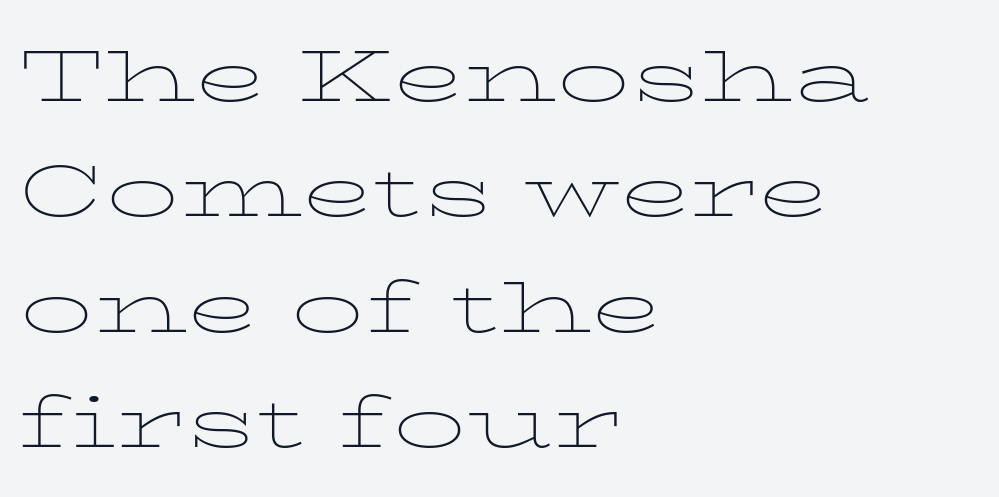
The image shows 73 px thin, wide serif type, upright; set left-aligned, normal line spacing (1.58x), normal letter spacing, not underlined; low stroke contrast and a medium x-height.
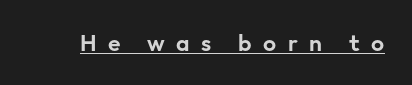
Inter-character spacing is expanded well beyond the font's built-in metrics. This is underlined copy, the kind a proofreader might mark for attention. You can tell it's not italic because the verticals are truly vertical.
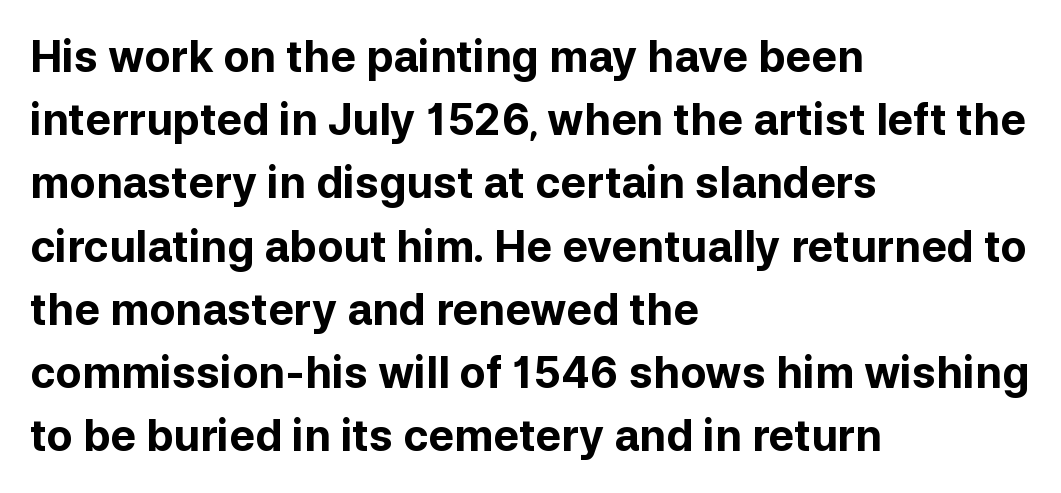
The image shows 43 px bold sans-serif type, upright; set left-aligned, normal line spacing (1.47x), normal letter spacing, not underlined; low stroke contrast and a medium x-height.
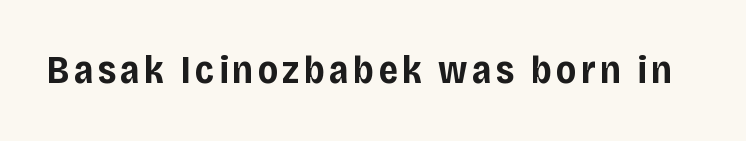
{"serif": "no", "italic": "no", "bold": "yes", "weight": "bold", "width": "normal", "stroke_contrast": "low", "x_height": "large", "monospaced": "no", "underline": "no", "glyph_px": 38}
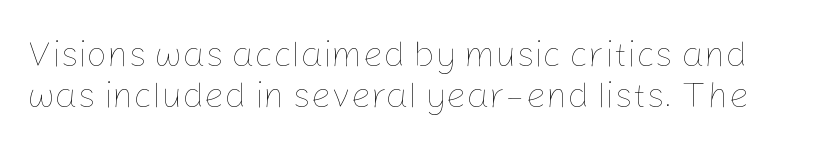
The image shows 36 px thin type, upright; set tight line spacing (1.15x), normal letter spacing, not underlined; low stroke contrast and a medium x-height.
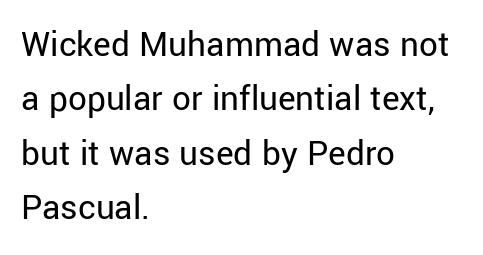
Is this a fixed-width face? No — the glyphs have proportional, varying widths. Bare-footed words on every line. Serifs: no, the terminals of the letterforms are clean. Default kerning and tracking; the words read as compact shapes. Notice how the stems are strictly vertical — no italics here.
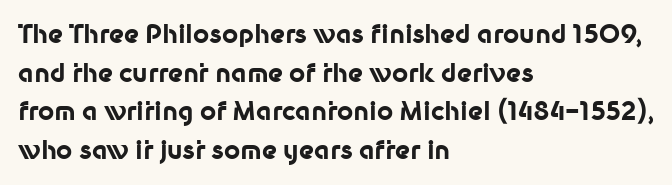
The image shows 25 px bold type, upright; set left-aligned, normal line spacing (1.55x), normal letter spacing, not underlined.
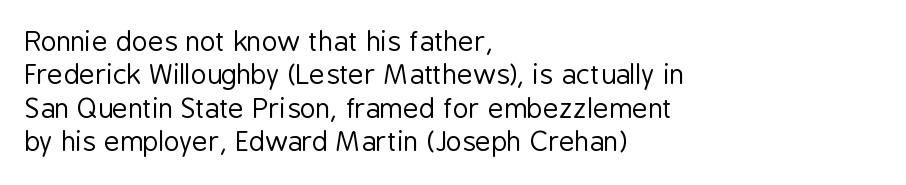
{"italic": "no", "bold": "no", "underline": "no", "align": "left", "line_spacing_ratio": 1.24, "letter_spacing": "normal", "letter_spacing_em": 0.0, "glyph_px": 27}
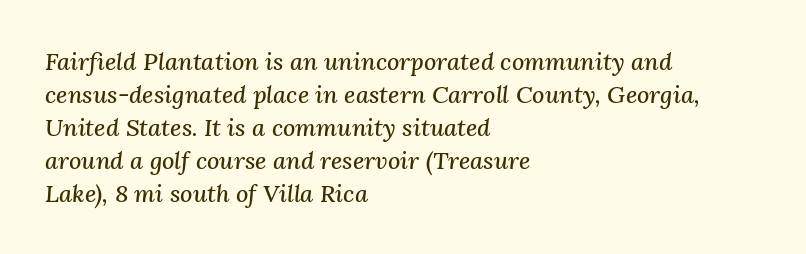
Q: Is the text italic (slanted)? A: Yes, it leans right by about 3 degrees.
Q: Is the text underlined? A: No.
Q: How is the paragraph aligned? A: Left-aligned.
Q: Is the spacing between letters normal or unusually wide? A: Normal.
Q: Is the spacing between lines tight, normal or loose? A: Normal.
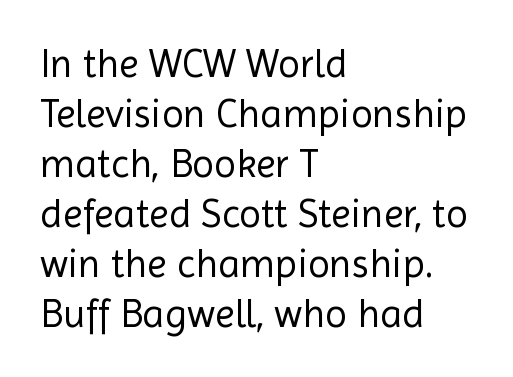
The image shows 40 px regular-weight sans-serif type, upright; set left-aligned, normal line spacing (1.25x), normal letter spacing, not underlined; a medium x-height.
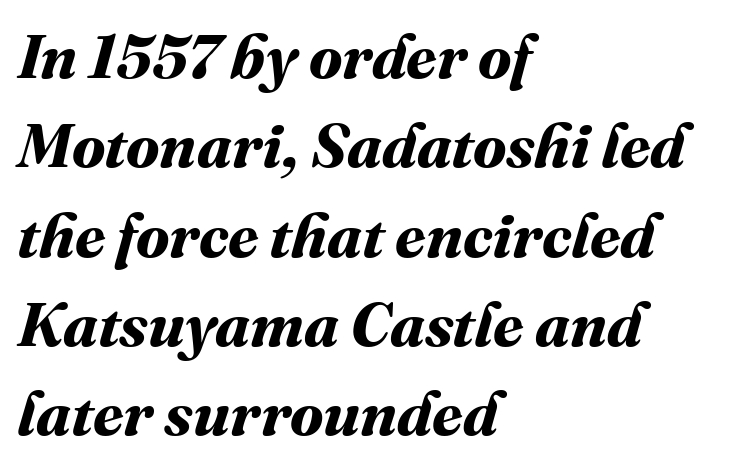
Q: Is the text bold? A: Yes.
Q: Is the text underlined? A: No.
Q: How is the paragraph aligned? A: Left-aligned.
Q: Is the spacing between letters normal or unusually wide? A: Normal.
Q: Is the spacing between lines tight, normal or loose? A: Normal.
Q: Width (condensed, normal, or wide)? A: Normal.
Q: Stroke contrast? A: Medium.
Q: x-height? A: Medium.
Q: Monospaced? A: No.
··········
Pull out every line in the material above where "text" occurs.

Q: Is the text italic (slanted)? A: Yes, it leans right by about 3 degrees.
Q: Is the text underlined? A: No.
Q: Is the text bold? A: Yes.
Q: Is the text underlined? A: No.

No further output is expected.